◆ **Data under study**:

◆ ◆ ◆ ◆ ◆ ◆ ◆

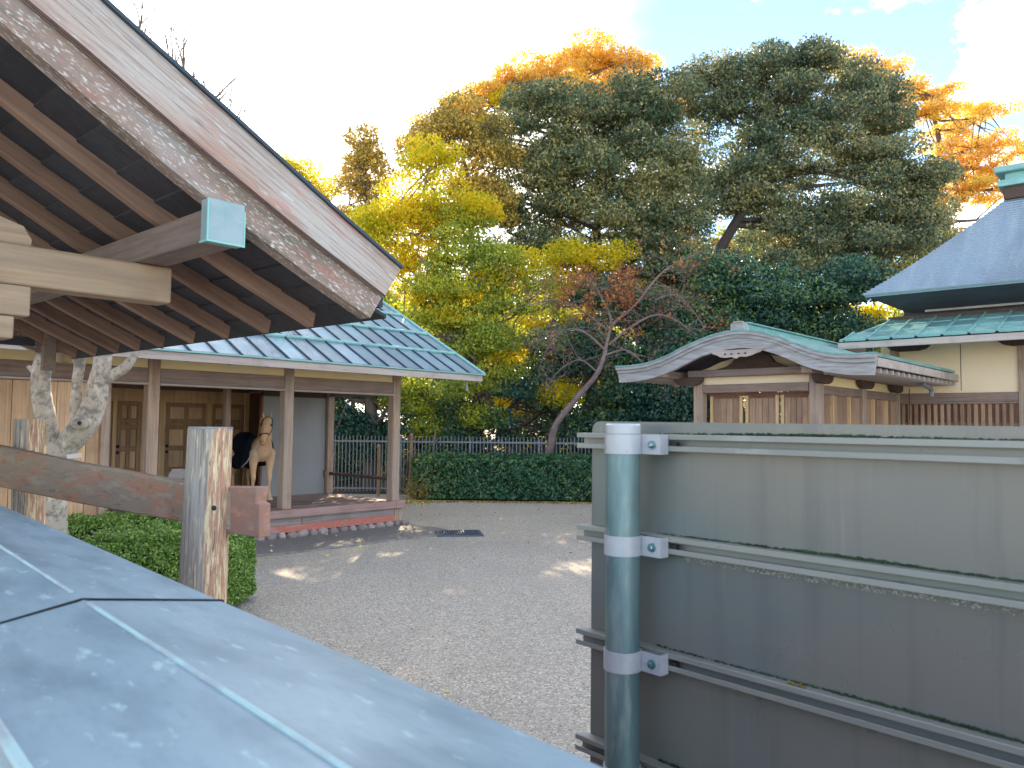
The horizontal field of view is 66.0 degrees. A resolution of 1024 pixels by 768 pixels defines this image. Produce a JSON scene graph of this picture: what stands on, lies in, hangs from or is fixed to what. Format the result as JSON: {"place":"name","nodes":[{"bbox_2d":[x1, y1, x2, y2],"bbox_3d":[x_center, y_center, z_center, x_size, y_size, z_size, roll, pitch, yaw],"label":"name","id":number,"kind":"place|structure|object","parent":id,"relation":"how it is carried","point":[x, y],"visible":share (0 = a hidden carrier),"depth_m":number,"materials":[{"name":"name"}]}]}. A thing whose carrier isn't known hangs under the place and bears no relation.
{"place":"outdoors","nodes":[
{"label":"outdoors","id":0,"kind":"place"},
{"bbox_2d":[255,523,447,553],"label":"apron pavement","id":1,"kind":"structure","parent":0,"point":[298,543],"depth_m":13.72,"materials":[{"name":"grey concrete"}]},
{"bbox_2d":[232,430,591,761],"bbox_3d":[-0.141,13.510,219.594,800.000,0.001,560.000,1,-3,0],"label":"ground","id":2,"kind":"structure","parent":0,"point":[510,530],"depth_m":8.71,"materials":[{"name":"grey gravel"}]},
{"bbox_2d":[68,509,181,540],"bbox_3d":[-4.969,2.054,10.264,0.866,0.868,2.816,-2,-4,42],"label":"clipped hedge","id":3,"kind":"object","parent":2,"relation":"on","point":[82,529],"visible":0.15,"depth_m":9.87,"materials":[{"name":"green plant"}]},
{"bbox_2d":[0,419,269,603],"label":"log fence","id":4,"kind":"object","parent":2,"relation":"on","point":[205,502],"visible":0.46,"depth_m":3.73,"materials":[{"name":"brown wood"}]},
{"bbox_2d":[83,520,257,605],"bbox_3d":[-3.709,1.962,8.523,1.734,0.897,1.277,1,-3,0],"label":"clipped hedge","id":5,"kind":"object","parent":2,"relation":"on","point":[153,546],"visible":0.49,"depth_m":8.15,"materials":[{"name":"green plant"}]},
{"bbox_2d":[26,0,336,533],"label":"mottled bark tree","id":6,"kind":"object","parent":2,"relation":"on","point":[86,415],"visible":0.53,"depth_m":8.29,"materials":[{"name":"grey plant"}]},
{"bbox_2d":[66,453,81,458],"bbox_3d":[-4.427,0.728,7.970,0.140,0.044,0.008,-8,-2,-6],"label":"name plate","id":7,"kind":"object","parent":6,"relation":"attached to","point":[76,455],"visible":0.86,"depth_m":7.97,"materials":[{"name":"white"}]},
{"bbox_2d":[0,0,403,370],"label":"timber shelter roof","id":8,"kind":"structure","parent":2,"relation":"on","point":[153,195],"depth_m":4.11,"materials":[{"name":"brown wood"}]},
{"bbox_2d":[0,301,485,540],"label":"stable building","id":9,"kind":"structure","parent":2,"relation":"on","point":[160,401],"depth_m":14.89,"materials":[{"name":"beige paint"}]},
{"bbox_2d":[109,401,112,466],"bbox_3d":[-7.947,1.292,15.457,0.048,1.928,0.160,-2,-4,42],"label":"door","id":10,"kind":"structure","parent":9,"relation":"in","point":[111,401],"depth_m":15.51,"materials":[{"name":"brown wood"}]},
{"bbox_2d":[115,401,141,471],"bbox_3d":[-7.674,1.310,15.750,0.115,1.928,0.480,-2,-4,42],"label":"door","id":11,"kind":"structure","parent":9,"relation":"in","point":[128,427],"depth_m":15.78,"materials":[{"name":"brown wood"}]},
{"bbox_2d":[164,402,206,476],"bbox_3d":[-6.885,1.365,16.626,0.115,1.928,0.880,-2,-4,42],"label":"door","id":12,"kind":"structure","parent":9,"relation":"in","point":[179,416],"depth_m":16.54,"materials":[{"name":"brown wood"}]},
{"bbox_2d":[212,404,243,485],"bbox_3d":[-6.271,1.408,17.337,0.075,1.928,0.760,-2,-4,42],"label":"door","id":13,"kind":"structure","parent":9,"relation":"in","point":[237,411],"depth_m":17.48,"materials":[{"name":"brown wood"}]},
{"bbox_2d":[231,413,275,499],"bbox_3d":[-5.288,1.444,15.914,0.731,1.737,2.010,3,-4,-37],"label":"horse","id":14,"kind":"object","parent":9,"relation":"on","point":[251,452],"visible":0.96,"depth_m":15.52},
{"bbox_2d":[0,505,602,767],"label":"capped boundary fence","id":15,"kind":"object","parent":2,"relation":"on","point":[109,660],"visible":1,"depth_m":0.82,"materials":[{"name":"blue metal"}]},
{"bbox_2d":[255,534,441,556],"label":"kerb","id":16,"kind":"structure","parent":2,"relation":"on","point":[325,548],"depth_m":12.72,"materials":[{"name":"concrete"}]},
{"bbox_2d":[376,444,380,495],"bbox_3d":[-3.657,2.384,21.631,0.103,1.469,0.741,1,-3,-10],"label":"fence post","id":17,"kind":"object","parent":2,"relation":"on","point":[378,467],"visible":1,"depth_m":21.55,"materials":[{"name":"wood"}]},
{"bbox_2d":[408,433,412,495],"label":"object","id":18,"kind":"object","parent":2,"relation":"on","point":[411,449],"visible":0.67,"depth_m":21.68,"materials":[{"name":"wood"}]},
{"bbox_2d":[256,505,582,691],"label":"scattered leaves","id":19,"kind":"object","parent":2,"relation":"on","point":[446,690],"visible":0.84,"depth_m":12.70,"materials":[{"name":"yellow plant"}]},
{"bbox_2d":[399,474,443,499],"bbox_3d":[-2.433,2.700,20.902,1.335,0.797,1.288,1,-3,0],"label":"yellowing shrub","id":20,"kind":"object","parent":2,"relation":"on","point":[409,490],"visible":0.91,"depth_m":20.79,"materials":[{"name":"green plant"}]},
{"bbox_2d":[435,530,483,536],"bbox_3d":[-0.972,2.736,14.459,0.840,0.030,0.720,1,-3,-8],"label":"drain grate","id":21,"kind":"object","parent":2,"relation":"on","point":[461,533],"visible":1,"depth_m":14.34,"materials":[{"name":"grey metal"}]},
{"bbox_2d":[385,499,591,506],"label":"leaf litter","id":22,"kind":"object","parent":2,"relation":"on","point":[434,501],"visible":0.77,"depth_m":20.33,"materials":[{"name":"brown plant"}]},
{"bbox_2d":[410,449,591,501],"bbox_3d":[2.275,2.464,21.192,10.059,1.345,1.463,0,-3,2],"label":"tall hedge","id":23,"kind":"object","parent":2,"relation":"on","point":[512,476],"visible":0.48,"depth_m":20.79,"materials":[{"name":"green plant"}]},
{"bbox_2d":[433,429,435,452],"bbox_3d":[-2.196,1.862,22.028,0.048,1.213,0.256,-1,-3,24],"label":"support stake","id":24,"kind":"object","parent":23,"relation":"on","point":[434,441],"visible":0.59,"depth_m":22.07,"materials":[{"name":"grey wood"}]},
{"bbox_2d":[615,321,958,424],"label":"curved gable gate","id":25,"kind":"structure","parent":2,"relation":"on","point":[732,367],"depth_m":14.42,"materials":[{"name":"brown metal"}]},
{"bbox_2d":[710,396,743,422],"bbox_3d":[4.072,1.451,14.945,0.660,2.450,0.055,-2,-4,42],"label":"door","id":26,"kind":"structure","parent":25,"relation":"in","point":[723,409],"depth_m":14.99,"materials":[{"name":"brown wood"}]},
{"bbox_2d":[745,395,779,422],"bbox_3d":[4.602,1.432,14.464,0.640,2.450,0.055,-2,-4,42],"label":"door","id":27,"kind":"structure","parent":25,"relation":"in","point":[758,408],"depth_m":14.51,"materials":[{"name":"brown wood"}]},
{"bbox_2d":[781,394,808,423],"bbox_3d":[5.075,1.415,14.042,0.560,2.450,0.055,-2,-4,42],"label":"door","id":28,"kind":"structure","parent":25,"relation":"in","point":[794,408],"depth_m":14.11,"materials":[{"name":"brown wood"}]},
{"bbox_2d":[575,421,1023,767],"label":"sign board","id":29,"kind":"object","parent":2,"relation":"on","point":[863,584],"visible":0.99,"depth_m":1.51,"materials":[{"name":"metal"}]},
{"bbox_2d":[786,681,806,687],"bbox_3d":[0.544,0.571,1.502,0.042,0.011,0.025,-2,-4,37],"label":"dry leaf","id":30,"kind":"object","parent":29,"relation":"on","point":[799,685],"visible":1,"depth_m":1.50,"materials":[{"name":"brown plant"}]},
{"bbox_2d":[838,162,1023,425],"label":"hall","id":31,"kind":"structure","parent":2,"relation":"on","point":[958,299],"depth_m":16.12,"materials":[{"name":"paint"}]},
{"bbox_2d":[332,437,561,493],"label":"woodland ground","id":32,"kind":"structure","parent":0,"point":[361,491],"depth_m":24.02,"materials":[{"name":"soil"}]},
{"bbox_2d":[276,150,345,201],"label":"pale leaved tree","id":33,"kind":"object","parent":32,"relation":"on","point":[304,172],"visible":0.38,"depth_m":30.17,"materials":[{"name":"yellow plant"}]},
{"bbox_2d":[331,118,400,458],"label":"slender tree","id":34,"kind":"object","parent":32,"relation":"on","point":[365,157],"visible":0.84,"depth_m":27.20,"materials":[{"name":"brown plant"}]},
{"bbox_2d":[352,289,417,406],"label":"sunlit tree","id":35,"kind":"object","parent":32,"relation":"on","point":[394,300],"depth_m":37.75,"materials":[{"name":"yellow plant"}]},
{"bbox_2d":[334,376,438,487],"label":"roadside tree","id":36,"kind":"object","parent":32,"relation":"on","point":[369,421],"visible":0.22,"depth_m":24.09,"materials":[{"name":"green plant"}]},
{"bbox_2d":[334,401,347,431],"bbox_3d":[-5.186,1.046,23.871,0.072,1.084,0.711,-1,-3,25],"label":"support stake","id":37,"kind":"object","parent":36,"relation":"attached to","point":[345,406],"visible":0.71,"depth_m":23.93,"materials":[{"name":"wood"}]},
{"bbox_2d":[403,455,408,492],"bbox_3d":[-2.991,2.542,22.479,0.085,1.275,1.448,1,-3,-14],"label":"support stake","id":38,"kind":"object","parent":32,"relation":"on","point":[407,473],"visible":0.74,"depth_m":22.43,"materials":[{"name":"brown wood"}]},
{"bbox_2d":[380,279,466,449],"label":"sunlit tree","id":39,"kind":"object","parent":32,"relation":"on","point":[398,294],"visible":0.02,"depth_m":40.50,"materials":[{"name":"yellow plant"}]},
{"bbox_2d":[344,132,564,453],"bbox_3d":[-1.806,-2.302,24.212,6.856,11.164,3.008,1,-3,0],"label":"maple tree","id":40,"kind":"object","parent":32,"relation":"on","point":[446,222],"visible":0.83,"depth_m":23.77,"materials":[{"name":"yellow plant"}]},
{"bbox_2d":[333,435,585,492],"bbox_3d":[0.125,2.370,22.832,14.900,1.660,0.090,1,-3,0],"label":"metal railing","id":41,"kind":"object","parent":32,"relation":"on","point":[422,442],"visible":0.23,"depth_m":22.82,"materials":[{"name":"grey metal"}]},
{"bbox_2d":[407,308,527,424],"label":"sunlit tree","id":42,"kind":"object","parent":32,"relation":"on","point":[481,364],"visible":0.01,"depth_m":37.26,"materials":[{"name":"yellow plant"}]},
{"bbox_2d":[405,297,598,455],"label":"leaning tree","id":43,"kind":"object","parent":32,"relation":"on","point":[461,427],"visible":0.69,"depth_m":23.61,"materials":[{"name":"green plant"}]},
{"bbox_2d":[390,87,642,446],"bbox_3d":[0.132,-3.376,26.849,8.691,13.566,2.659,1,-3,0],"label":"bronze tree","id":44,"kind":"object","parent":32,"relation":"on","point":[449,124],"visible":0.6,"depth_m":26.55,"materials":[{"name":"yellow plant"}]},
{"bbox_2d":[392,21,692,454],"bbox_3d":[1.260,-5.212,31.571,12.221,17.743,3.641,1,-3,0],"label":"autumn tree","id":45,"kind":"object","parent":32,"relation":"on","point":[578,59],"visible":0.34,"depth_m":31.04,"materials":[{"name":"orange plant"}]},
{"bbox_2d":[333,359,804,484],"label":"undergrowth","id":46,"kind":"object","parent":32,"relation":"on","point":[546,420],"visible":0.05,"depth_m":26.75,"materials":[{"name":"green plant"}]},
{"bbox_2d":[519,290,619,390],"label":"sunlit tree","id":47,"kind":"object","parent":32,"relation":"on","point":[565,316],"visible":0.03,"depth_m":36.09,"materials":[{"name":"green plant"}]},
{"bbox_2d":[333,288,844,473],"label":"sunlit undergrowth","id":48,"kind":"object","parent":32,"relation":"on","point":[526,323],"visible":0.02,"depth_m":34.27,"materials":[{"name":"yellow plant"}]},
{"bbox_2d":[475,61,723,454],"bbox_3d":[2.891,-4.041,28.091,9.729,15.083,4.774,1,-3,0],"label":"evergreen tree","id":49,"kind":"object","parent":32,"relation":"on","point":[556,158],"visible":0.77,"depth_m":27.56,"materials":[{"name":"green plant"}]},
{"bbox_2d":[518,272,710,437],"bbox_3d":[3.469,-0.088,24.241,6.673,6.793,3.824,1,-3,0],"label":"dark evergreen tree","id":50,"kind":"object","parent":32,"relation":"on","point":[625,402],"visible":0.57,"depth_m":23.58,"materials":[{"name":"green plant"}]},
{"bbox_2d":[495,223,748,453],"bbox_3d":[3.143,-1.034,22.781,7.260,7.654,3.492,1,-3,0],"label":"bare cherry tree","id":51,"kind":"object","parent":32,"relation":"on","point":[570,405],"visible":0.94,"depth_m":22.63,"materials":[{"name":"orange plant"}]},
{"bbox_2d":[650,227,707,252],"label":"sunlit tree","id":52,"kind":"object","parent":32,"relation":"on","point":[687,240],"visible":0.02,"depth_m":43.38,"materials":[{"name":"green plant"}]},
{"bbox_2d":[631,237,757,337],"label":"sunlit tree","id":53,"kind":"object","parent":32,"relation":"on","point":[729,245],"visible":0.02,"depth_m":37.82,"materials":[{"name":"green plant"}]},
{"bbox_2d":[709,224,810,374],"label":"sunlit tree","id":54,"kind":"object","parent":32,"relation":"on","point":[722,232],"depth_m":40.98,"materials":[{"name":"green plant"}]},
{"bbox_2d":[650,244,902,374],"bbox_3d":[8.347,-0.500,25.201,8.261,7.810,3.796,1,-3,0],"label":"dark evergreen tree","id":55,"kind":"object","parent":32,"relation":"on","point":[770,298],"visible":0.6,"depth_m":24.45,"materials":[{"name":"green plant"}]},
{"bbox_2d":[664,31,966,300],"bbox_3d":[11.420,-4.694,29.746,11.448,16.750,4.840,1,-3,0],"label":"evergreen tree","id":56,"kind":"object","parent":32,"relation":"on","point":[866,221],"visible":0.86,"depth_m":29.21,"materials":[{"name":"green plant"}]},
{"bbox_2d":[754,218,880,351],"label":"sunlit tree","id":57,"kind":"object","parent":32,"relation":"on","point":[878,350],"visible":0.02,"depth_m":37.58,"materials":[{"name":"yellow plant"}]},
{"bbox_2d":[816,302,897,352],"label":"sunlit tree","id":58,"kind":"object","parent":32,"relation":"on","point":[874,311],"visible":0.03,"depth_m":39.54,"materials":[{"name":"yellow plant"}]},
{"bbox_2d":[884,227,903,318],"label":"sunlit tree","id":59,"kind":"object","parent":32,"relation":"on","point":[896,313],"depth_m":44.86,"materials":[{"name":"yellow plant"}]},
{"bbox_2d":[869,224,967,352],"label":"sunlit tree","id":60,"kind":"object","parent":32,"relation":"on","point":[961,228],"visible":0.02,"depth_m":38.85,"materials":[{"name":"orange plant"}]},
{"bbox_2d":[826,42,1023,249],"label":"autumn tree","id":61,"kind":"object","parent":32,"relation":"on","point":[979,184],"visible":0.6,"depth_m":33.20,"materials":[{"name":"orange plant"}]},
{"bbox_2d":[110,0,1023,427],"label":"sky","id":62,"kind":"structure","parent":0,"point":[323,67],"materials":[{"name":"white"}]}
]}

◆ ◆ ◆ ◆ ◆ ◆ ◆

◆ **Task requirements**:
Pick every line from the listing holding the string "dark", and copy it.

◆ **Completed exercise**:
{"bbox_2d":[518,272,710,437],"bbox_3d":[3.469,-0.088,24.241,6.673,6.793,3.824,1,-3,0],"label":"dark evergreen tree","id":50,"kind":"object","parent":32,"relation":"on","point":[625,402],"visible":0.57,"depth_m":23.58,"materials":[{"name":"green plant"}]},
{"bbox_2d":[650,244,902,374],"bbox_3d":[8.347,-0.500,25.201,8.261,7.810,3.796,1,-3,0],"label":"dark evergreen tree","id":55,"kind":"object","parent":32,"relation":"on","point":[770,298],"visible":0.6,"depth_m":24.45,"materials":[{"name":"green plant"}]},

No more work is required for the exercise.